Старик Барли по-прежнему рычал и бранился за своей дверью, точно все это время ни на минуту не умолкал и не собирался умолкнуть. Внизу я спросил Герберта, сохранил ли наш узник фамилию Провис? Нет, конечно, отвечал он, новый жилец зовется мистер Кембл. Мой друг добавил, что в доме о мистере Кембле знают лишь одно: он, Герберт, принимает в нем участие и ему, Герберту, очень важно, чтобы новый постоялец ни в чем не нуждался и жил в полном уединении. Поэтому, когда мы вошли в гостиную, где миссис Уимпл и Клара сидели за рукоделием, я счел за благо умолчать о том горячем участии, с которым и сам отношусь к мистеру Кемблу.
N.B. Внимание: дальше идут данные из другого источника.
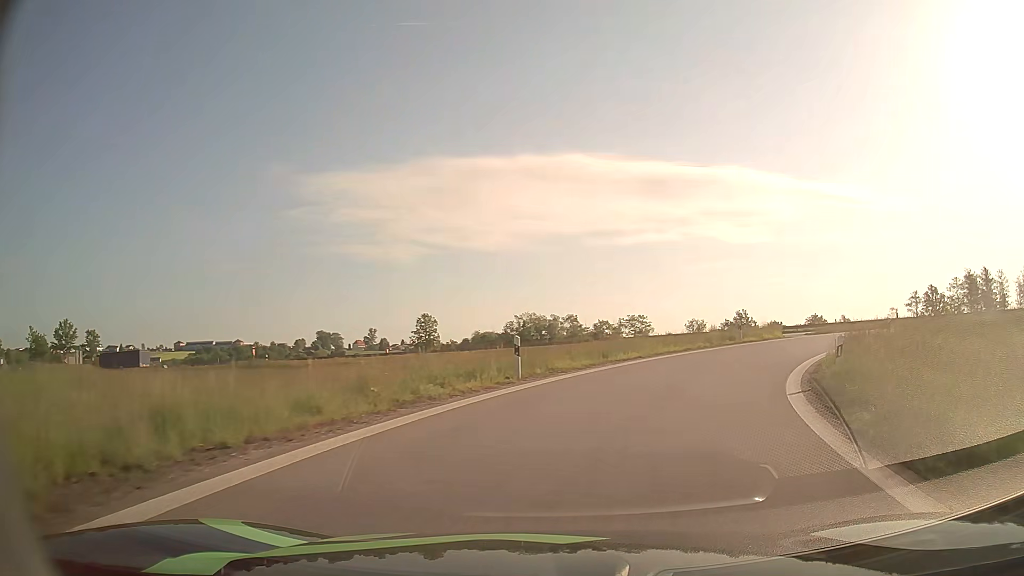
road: motorway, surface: asphalt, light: Day
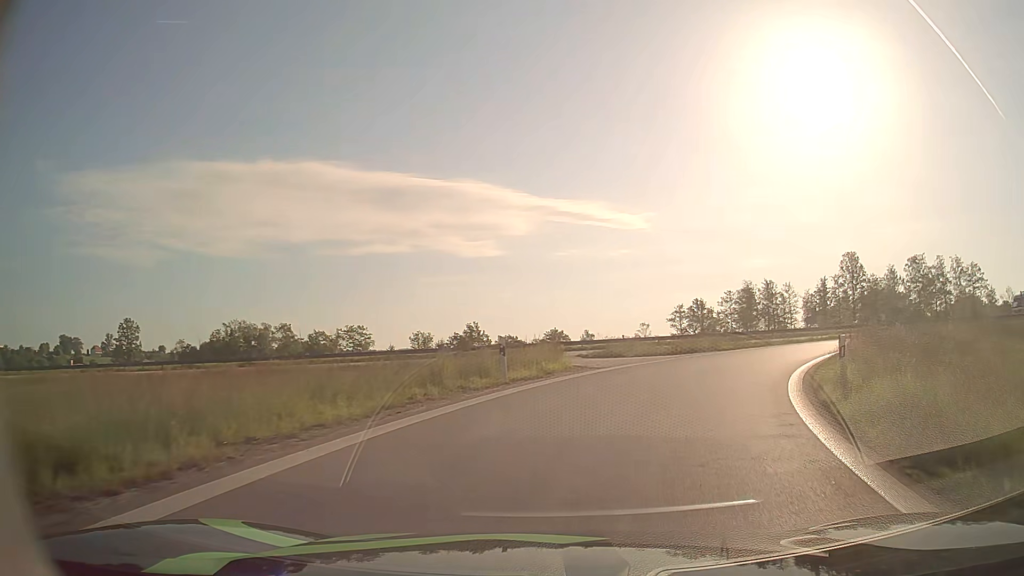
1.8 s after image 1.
(+3.3, +16.6) m; +23°
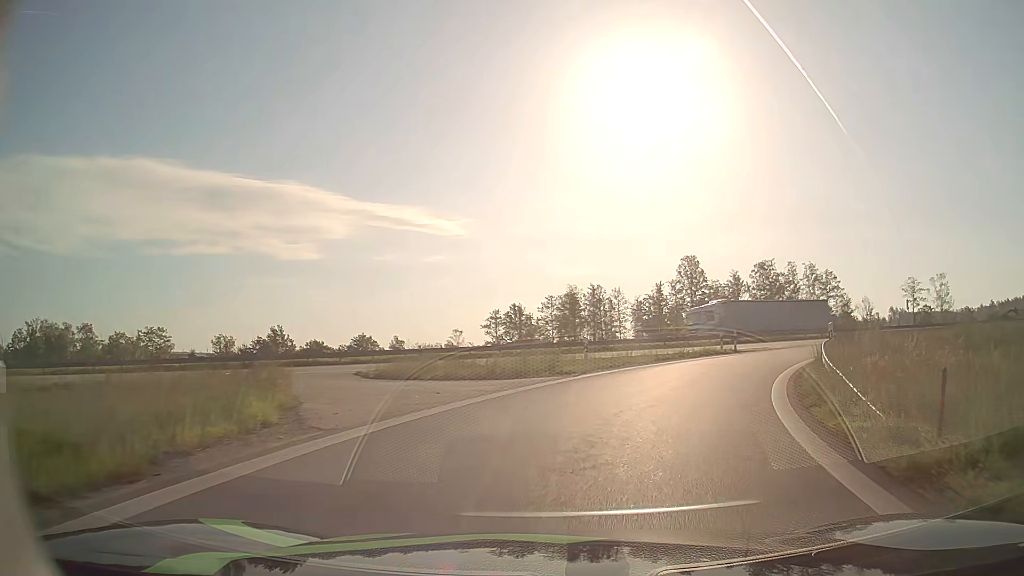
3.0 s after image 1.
(+1.5, +11.0) m; +16°
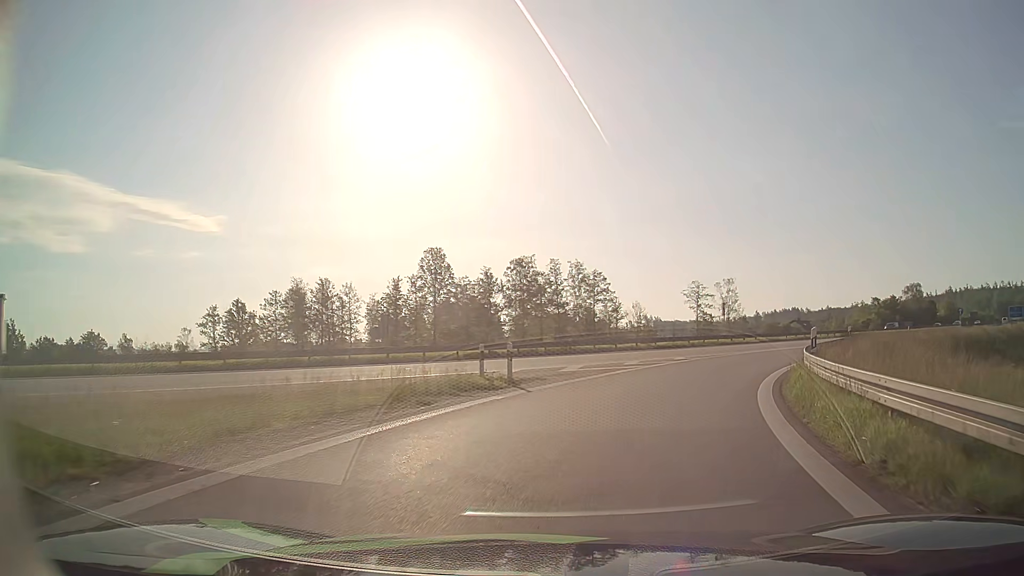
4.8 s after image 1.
(+3.1, +16.2) m; +21°
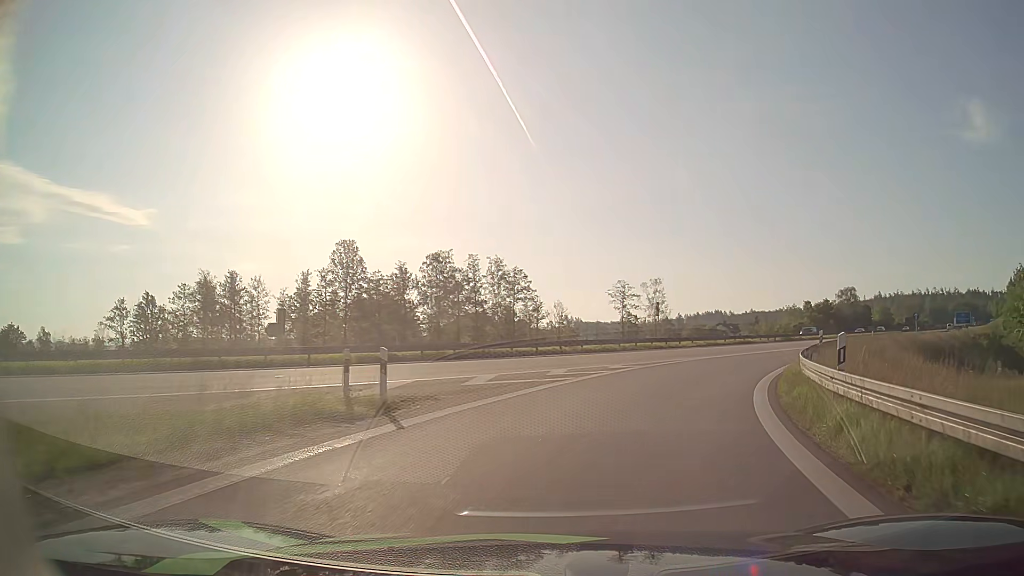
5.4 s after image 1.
(+0.3, +5.5) m; +7°
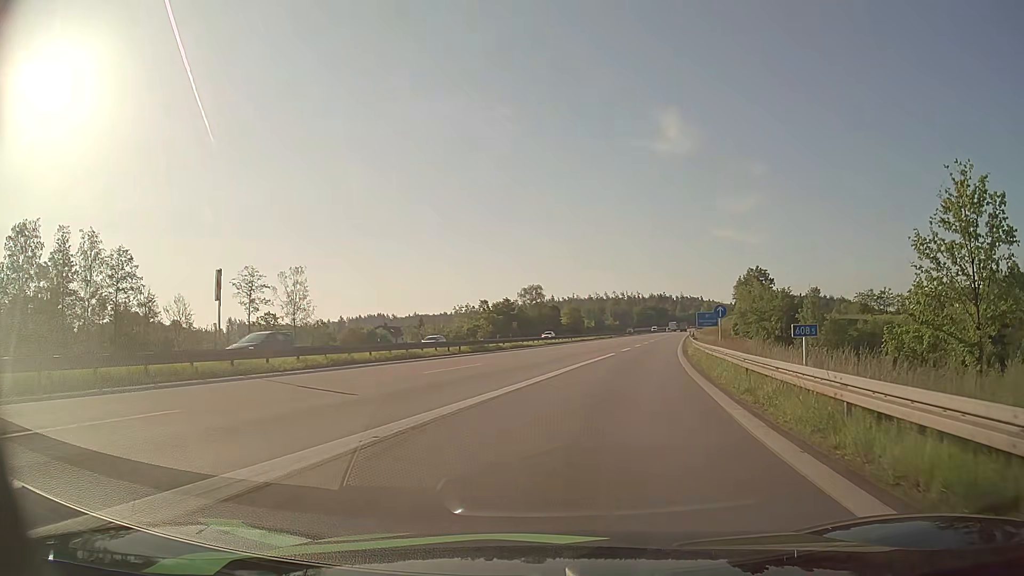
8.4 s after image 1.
(+7.1, +26.5) m; +29°
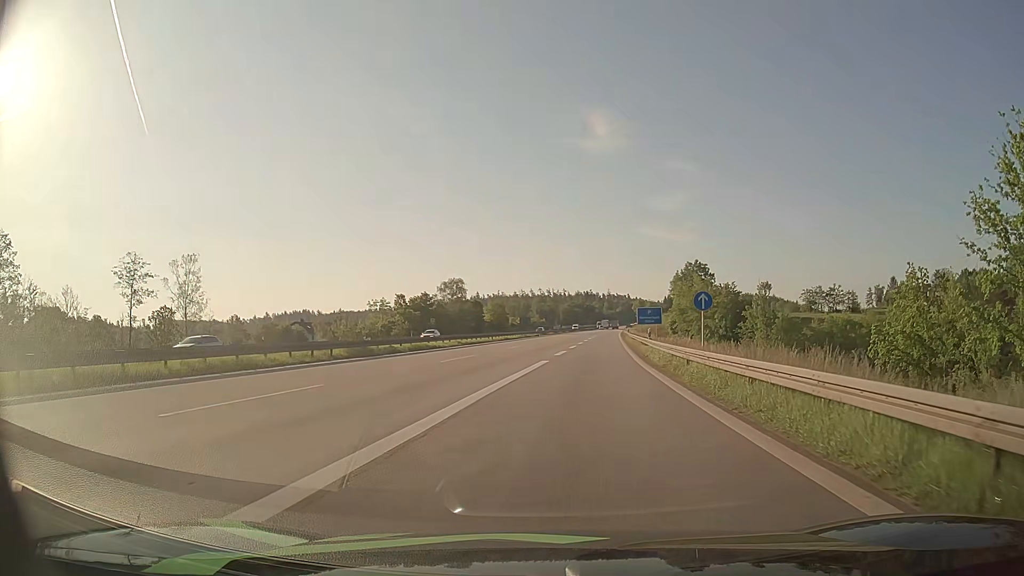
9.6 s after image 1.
(+0.7, +11.8) m; +6°
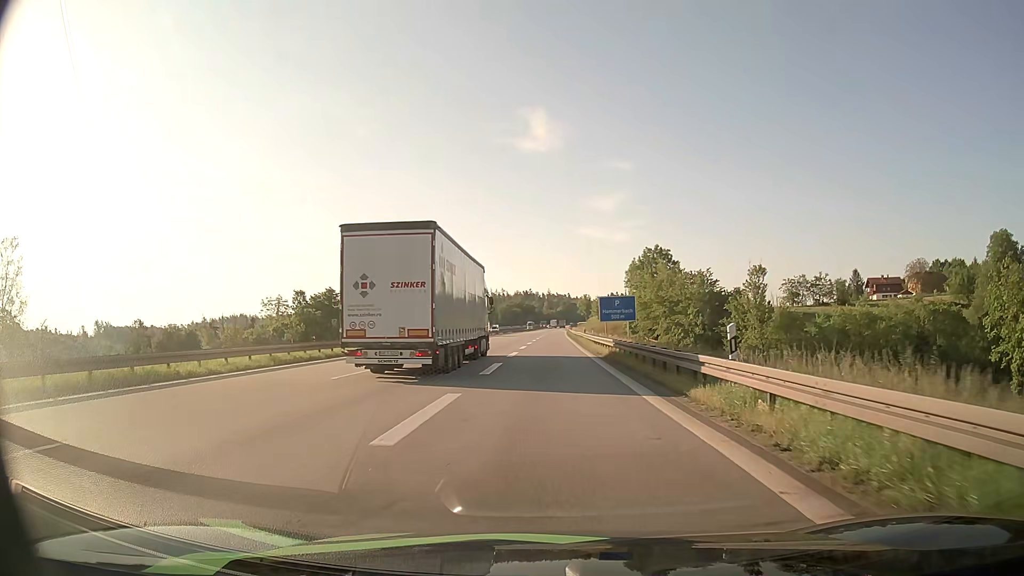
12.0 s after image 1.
(+1.7, +26.3) m; +6°
(0, +10) (0, +20) (0, +30) (0, +40) (0, +50) (0, +60) (0, +70) (0, +80) (0, +90) (0, +100) m

Распростившись с хорошенькой, милой темноглазой девушкой и с доброй женщиной, в которой годы не угасили способности радеть о судьбе двух любящих сердец, я почувствовал, что Старый Копперов канатный завод совершенно преобразился в моих глазах. Пусть старик Барли стар, как мир, пусть бранится, как целая извозчичья биржа, но в затоне Чинкса хватит молодости, надежды и веры, чтобы заполнить его до краев. И тут я вспомнил Эстеллу и наше прощанье и пошел домой совсем приунывший.
В Тэмпле все было тихо, как в самые спокойные времена. Окна тех комнат, где еще так недавно жил Провис, стояли закрытые, темные, и в Гарден-Корте не было ни души. Я три раза прошелся мимо фонтана, прежде чем подняться к себе в квартиру, но никого не увидел. И Герберт, когда зашел через полчаса ко мне в спальню, — я так измучился, что сразу лег в постель, — рассказал то же самое. Он отворил одно из окон и, выглянув на залитую лунным светом улицу, доложил, что там царит такая торжественная пустота, какая, наверно, бывает ночью в запертом соборе.
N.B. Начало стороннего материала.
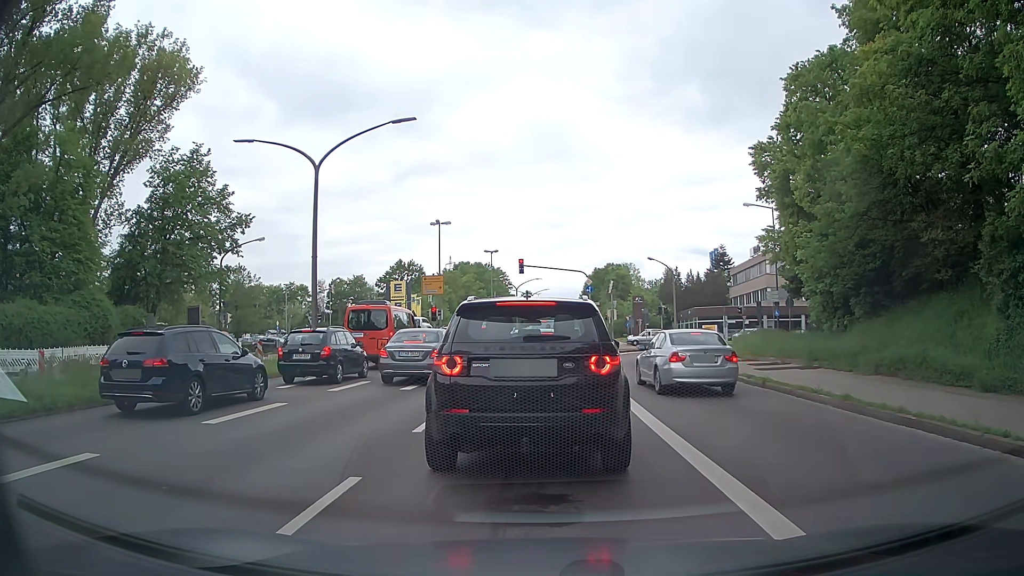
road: primary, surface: asphalt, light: Day
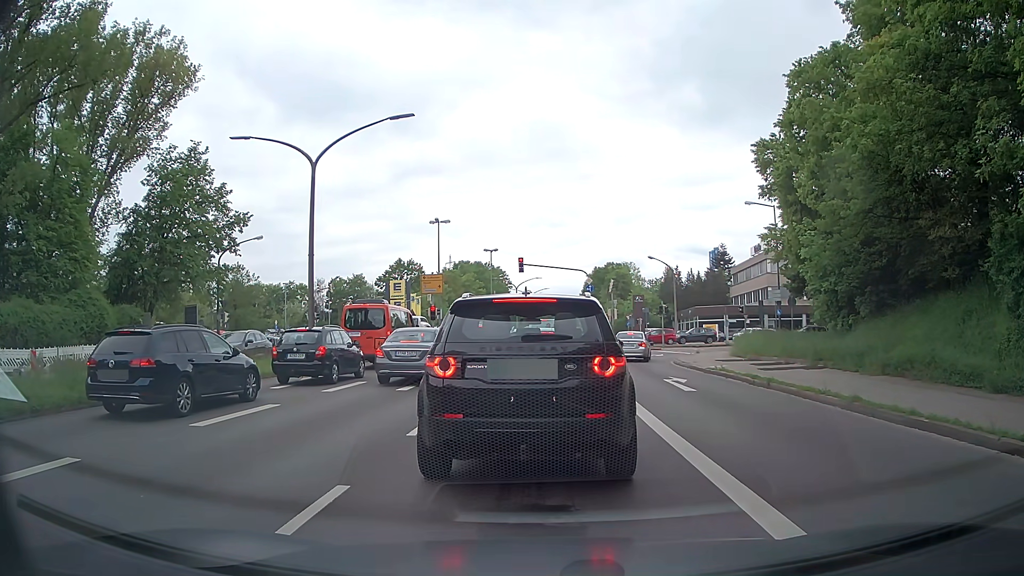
(0.0, +0.4) m; 0°
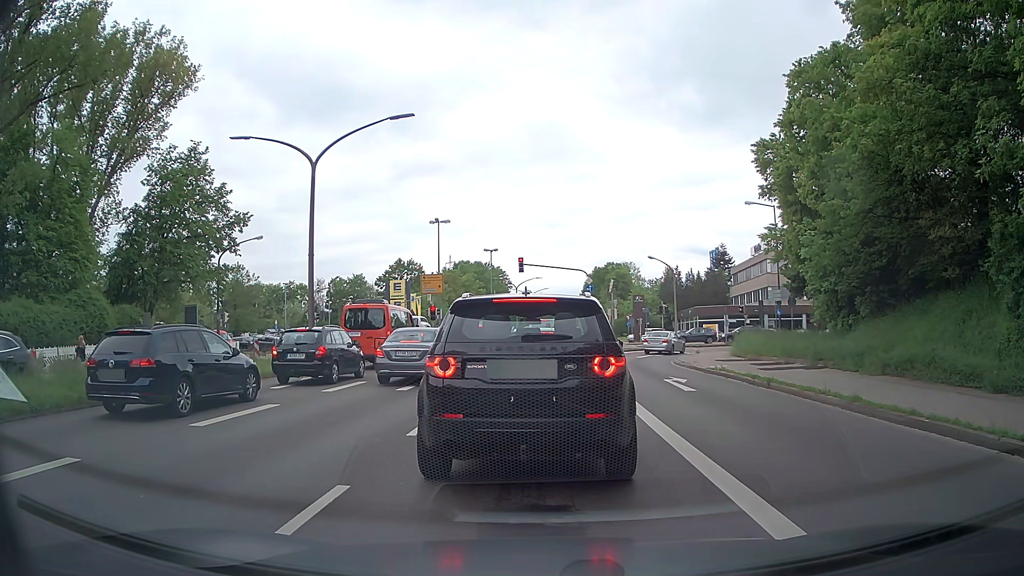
(0.0, 0.0) m; 0°
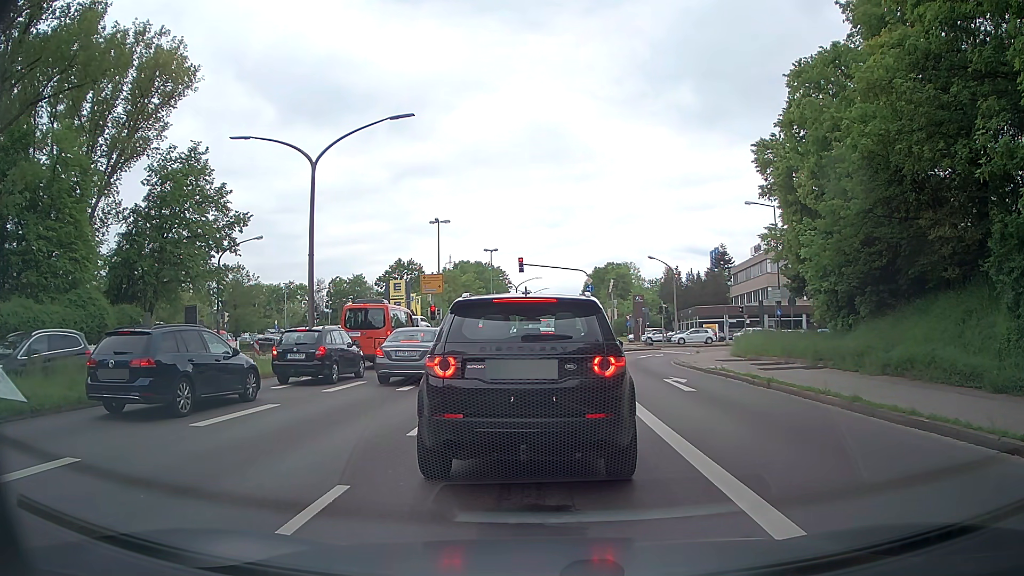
(0.0, 0.0) m; 0°
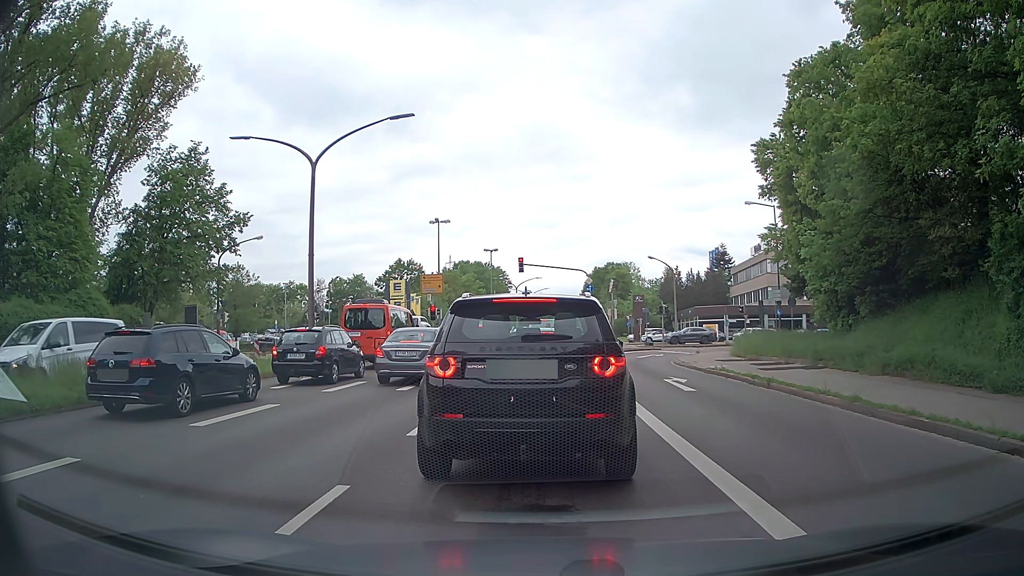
(0.0, 0.0) m; 0°
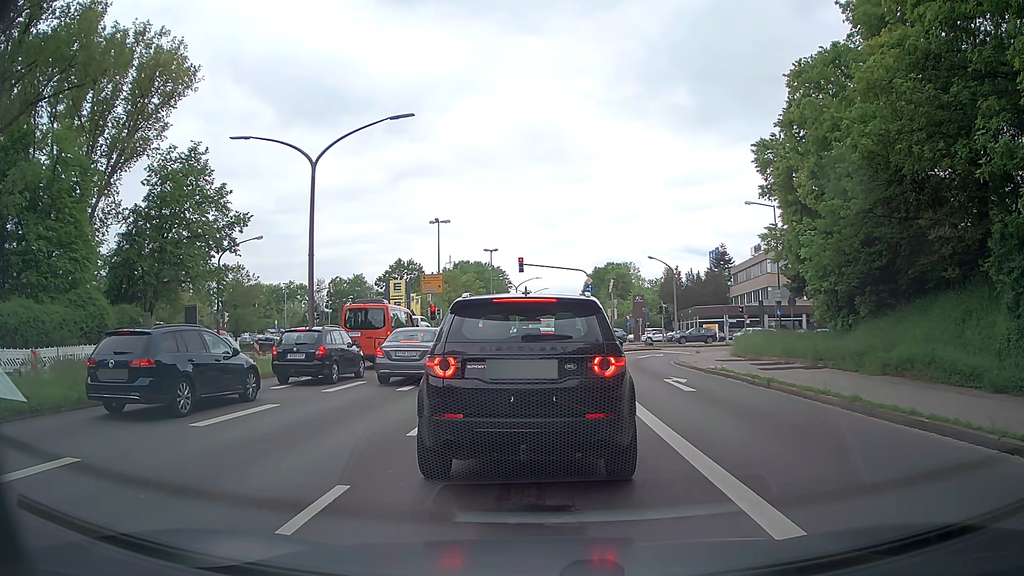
(0.0, 0.0) m; 0°
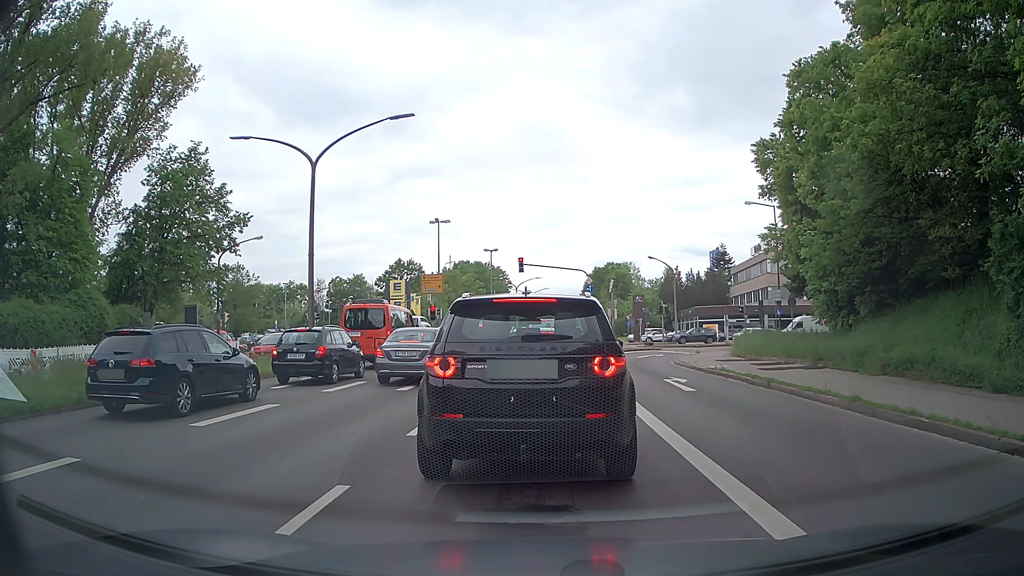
(0.0, 0.0) m; 0°
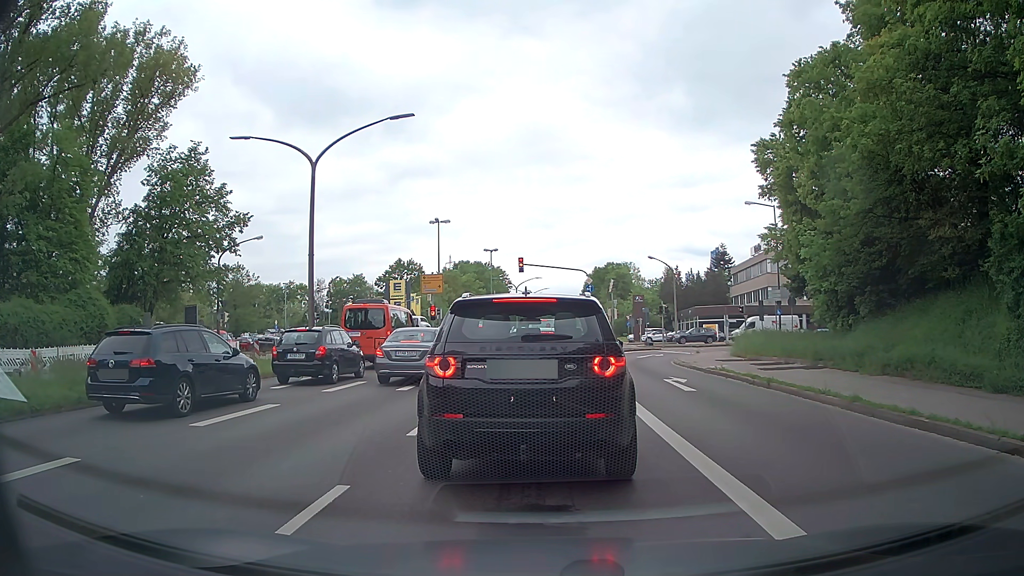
(0.0, 0.0) m; 0°

На следующий день я отправился раздобывать себе лодку. Это заняло немного времени, лодка была доставлена к лестнице Тэмпла и стала на причал в двух минутах ходьбы от моей двери. После этого я начал упражняться в гребле, то один, то вместе с Гербертом. Я часто бывал на реке в холод, ветер и дождь, и через несколько дней никто уже не обращал на меня внимания. Вначале я держался выше Блекфрайерского моста, но затем, когда часы прилива изменились, стал добираться и до Лондонского. То был еще старый Лондонский мост, и в некоторые часы дня вода здесь стремительно неслась, образуя водовороты и ямы, что создало ему недобрую славу. Однако, присмотревшись к другим гребцам, я быстро наловчился проскакивать опасное место, и после этого часто пробирался среди множества кораблей и лодок до самого Эрита. Мимо Мельничного пруда мы впервые прошли вместе с Гербертом и видели, как штора на восточной стороне окна опустилась оба раза — и встречая нас и провожая обратно. Герберт обычно бывал там не реже трех раз в неделю и ни разу не сообщил мне ничего хоть сколько-нибудь тревожного. И все же я знал, что основания для тревоги есть, и не мог отделаться от ощущения, что за мною следят. Стоит такому ощущению появиться, и оно не оставляет человека в покое; невозможно сосчитать, скольких ни в чем не повинных людей я подозревал в том, что они наблюдают за мной.